Grevillea crowleyae
- Conservation status: Endangered (IUCN 3.1)

Scientific classification
- Kingdom: Plantae
- Clade: Embryophytes
- Clade: Tracheophytes
- Clade: Spermatophytes
- Clade: Angiosperms
- Clade: Eudicots
- Order: Proteales
- Family: Proteaceae
- Genus: Grevillea
- Species: G. crowleyae
- Binomial name: Grevillea crowleyae Olde & Marriott

= Grevillea crowleyae =

- Genus: Grevillea
- Species: crowleyae
- Authority: Olde & Marriott
- Conservation status: EN

Species of shrub endemic to Western Australia

Grevillea crowleyae is a species of flowering plant in the family Proteaceae and is endemic to a restricted area in the south-west of Western Australia. It is a dense, spreading shrub with deeply divided leaves usually with three to seven linear lobes, and grey, pale yellowish or greenish flowers with a maroon-black style.

==Description==
Grevillea corrugata is a dense, spreading shrub that typically grows to a height of 0.5–1.5 m. Its leaves are 30–70 mm long and deeply divided with three to seven linear lobes 10–42 mm long and about 0.8 mm wide. The flowers are grey, pale yellowish or greenish and arranged in groups on a rachis 20–50 mm long, the pistil usually 34–38 mm long and the style maroon-black, sometimes red.
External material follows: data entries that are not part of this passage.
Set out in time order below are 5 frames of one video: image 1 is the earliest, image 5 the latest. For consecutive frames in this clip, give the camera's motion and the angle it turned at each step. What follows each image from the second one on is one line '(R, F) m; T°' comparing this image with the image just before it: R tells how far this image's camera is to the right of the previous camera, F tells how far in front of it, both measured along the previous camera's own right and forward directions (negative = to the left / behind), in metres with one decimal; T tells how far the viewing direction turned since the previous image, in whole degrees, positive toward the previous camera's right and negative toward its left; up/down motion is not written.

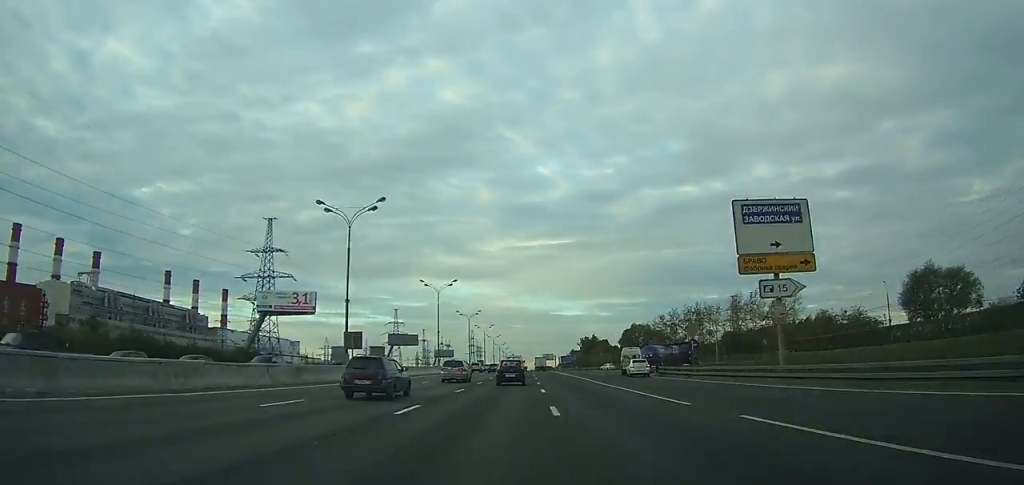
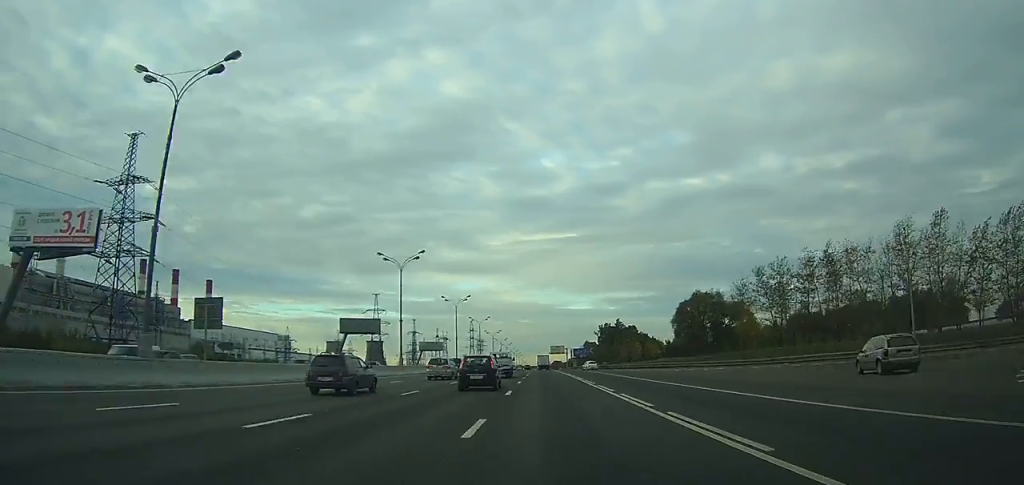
(+0.4, +64.0) m; 0°
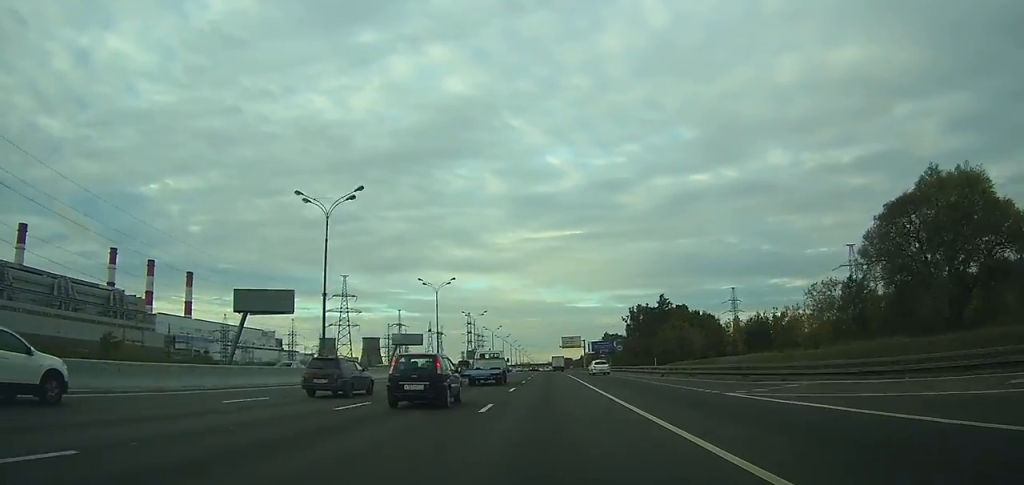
(-0.4, +67.8) m; -1°
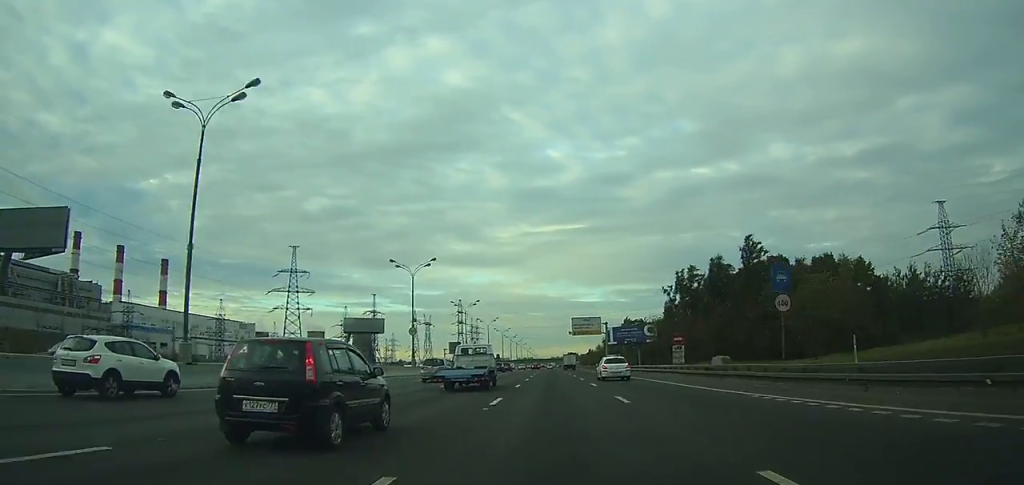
(-0.2, +58.6) m; 0°
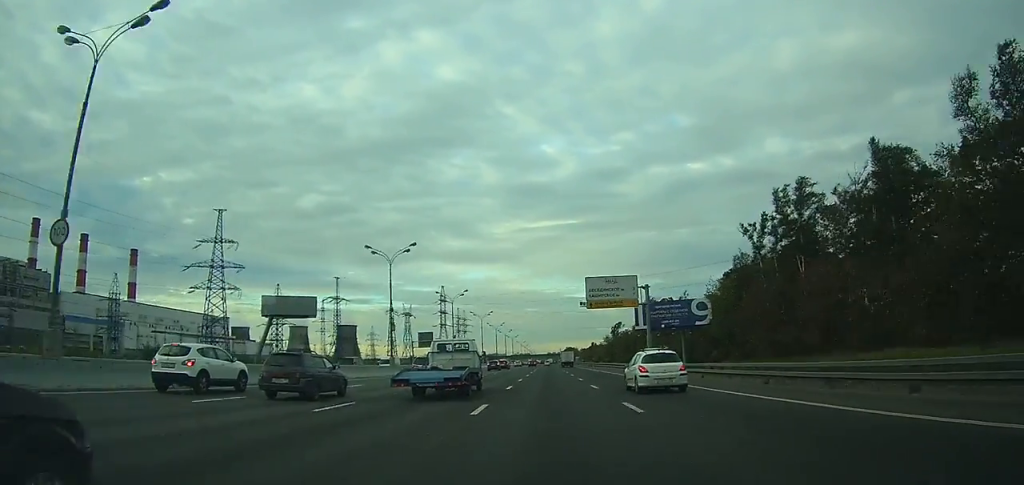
(-0.3, +49.0) m; 0°

Flowering occurs from August to November and the fruit is a woolly-hairy, oblong follicle 13–16 mm long.

==Taxonomy==
Grevillea crowleyae was first formally described in 1993 by Peter M. Olde and Neil R. Marriott in the journal Nuytsia from specimens collected by Olde near Darkan in 1991. The specific epithet (crowleyae) honours Valma Crowley, an amateur naturalist.

==Distribution and habitat==
This grevillea is only known about ten plants growing in a disturbed site in gravel pit in forest at the type location in the south-west of Western Australia.

==Conservation status==
Grevillea corrugata is listed as endangered on the IUCN Red List of Threatened Species due to its restricted, severely fragmented range and the continuing decline in habitat quality and number of mature individuals. A population decline of at least half over the past 75 years is inferred due to habitat clearing for agriculture and roads.
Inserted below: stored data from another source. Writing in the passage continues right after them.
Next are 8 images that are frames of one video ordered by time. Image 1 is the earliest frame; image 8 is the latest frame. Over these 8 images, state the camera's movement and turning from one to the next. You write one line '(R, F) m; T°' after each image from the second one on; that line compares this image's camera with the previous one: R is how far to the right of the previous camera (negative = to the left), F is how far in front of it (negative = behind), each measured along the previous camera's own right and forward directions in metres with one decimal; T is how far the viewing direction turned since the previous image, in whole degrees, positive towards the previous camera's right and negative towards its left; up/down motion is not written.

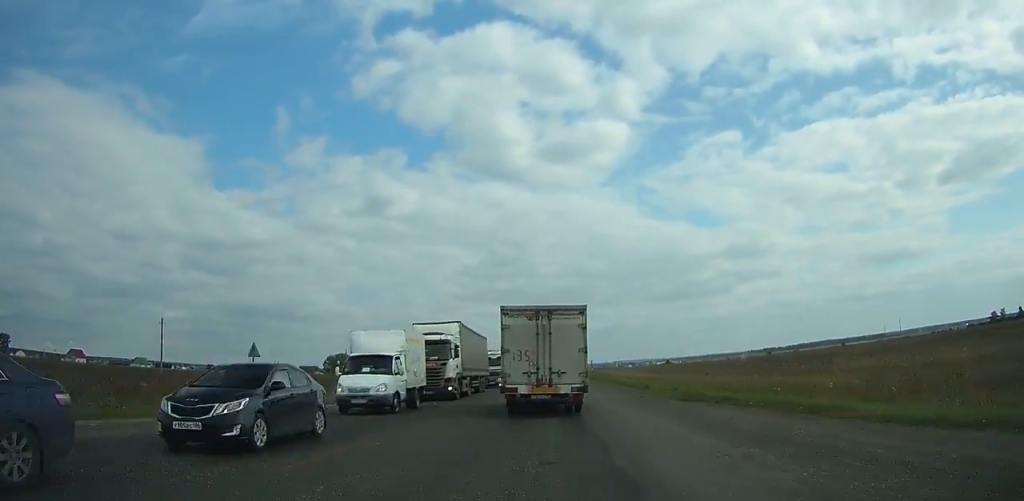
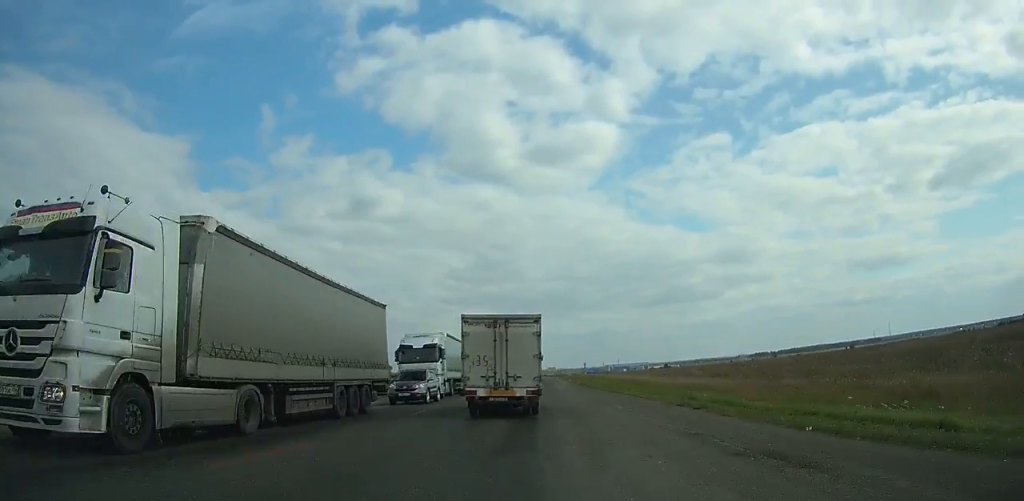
(0.0, +60.7) m; 0°
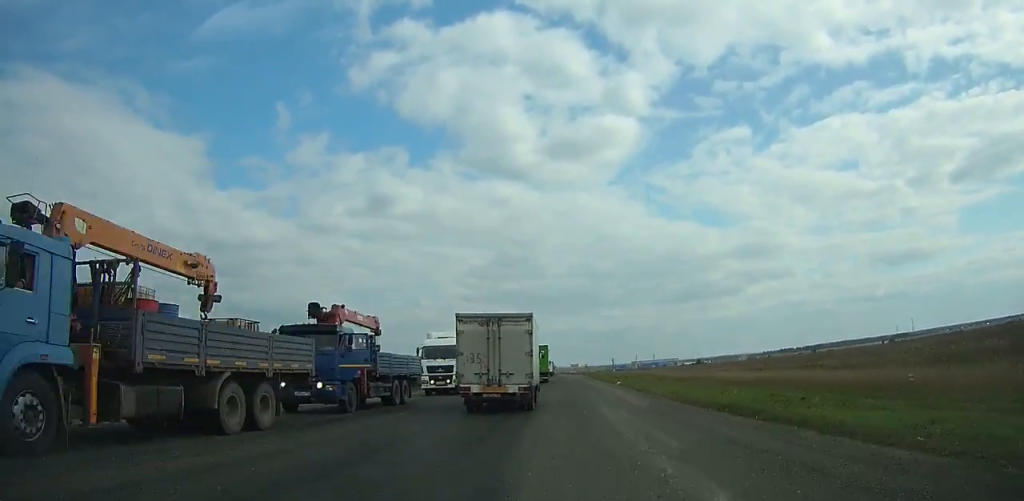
(+0.4, +49.5) m; 0°
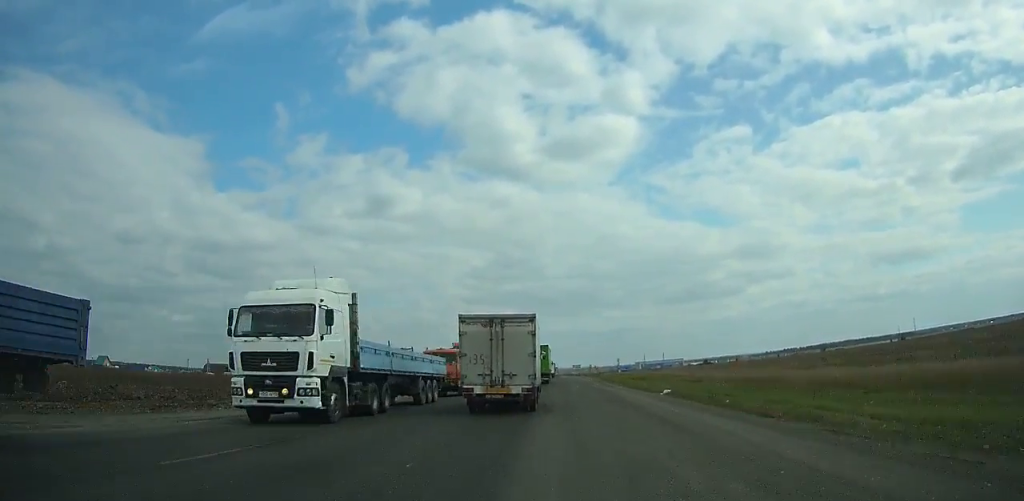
(+0.1, +21.0) m; 0°
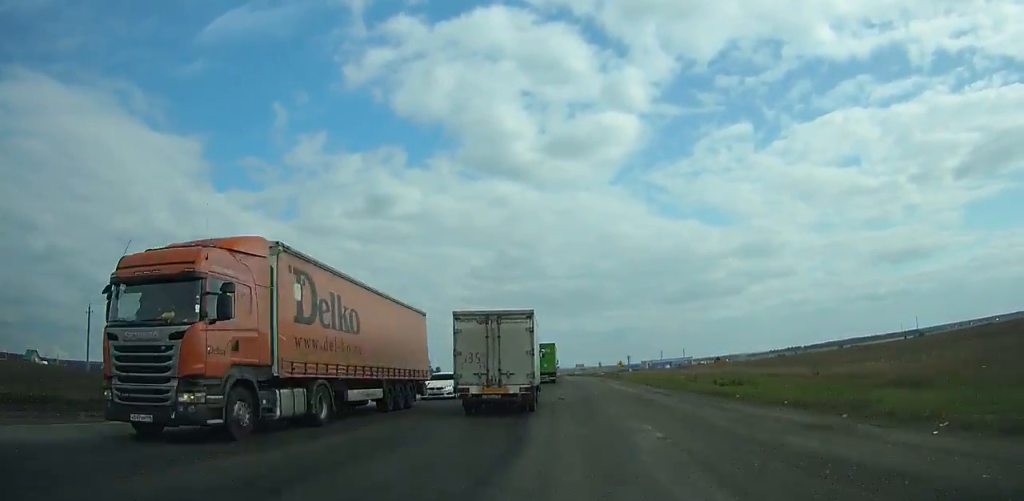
(-0.4, +36.7) m; 0°
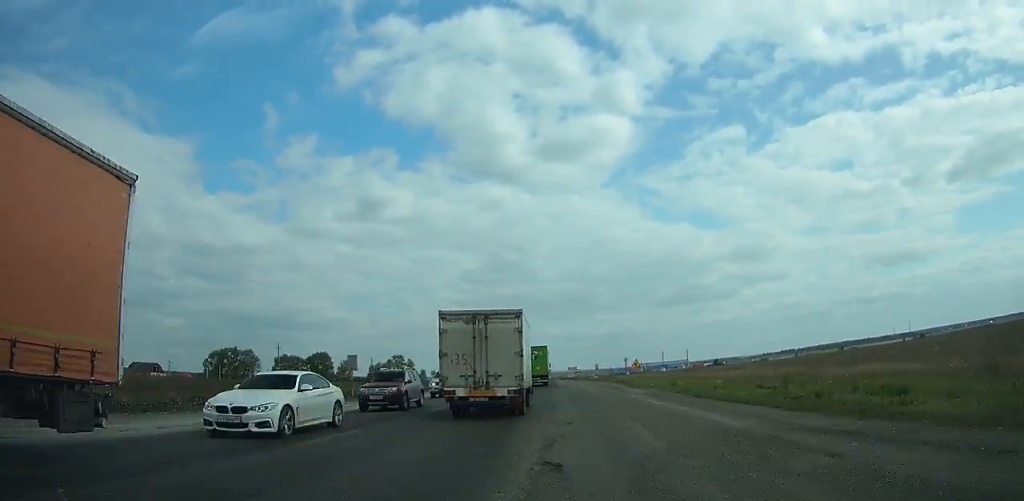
(+0.1, +18.3) m; 0°
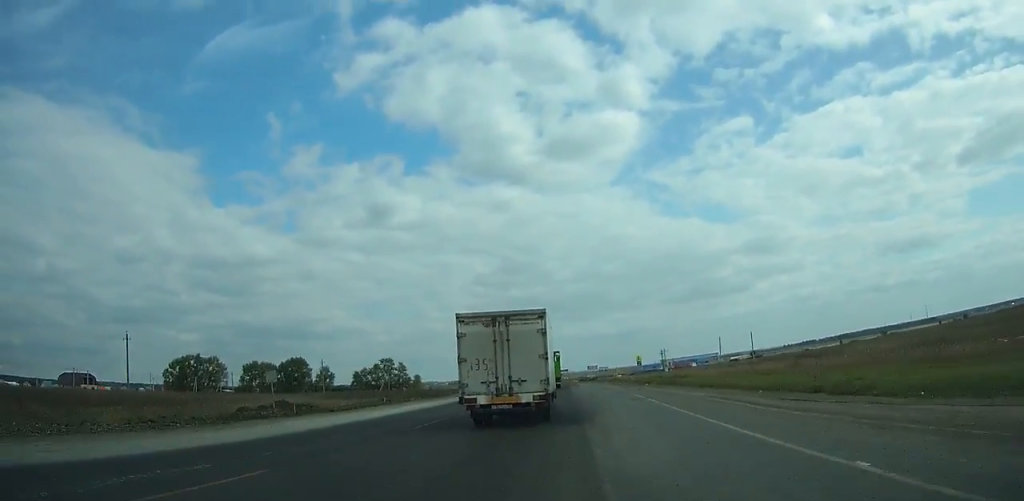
(+0.1, +52.2) m; -1°
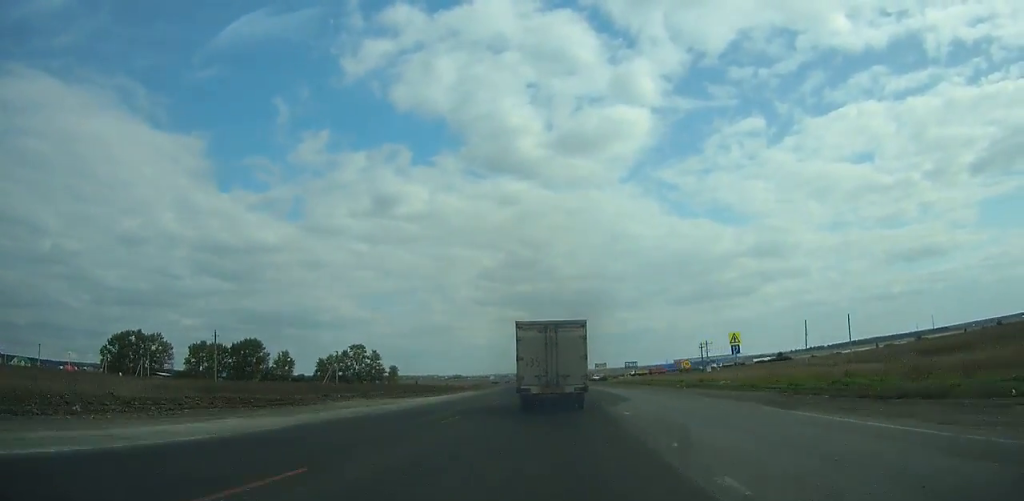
(-0.6, +48.7) m; -1°

It is also listed as priority two by the Western Australian Government Department of Biodiversity, Conservation and Attractions, meaning that it is poorly known and from only one or a few locations.

The population is estimated to be fewer than 1,000 mature individuals. It is currently declining due to threats such as land clearing and competition with invasive weeds. It is unknown how susceptible the species is to dieback, a disease caused by Phytophtora pathogens.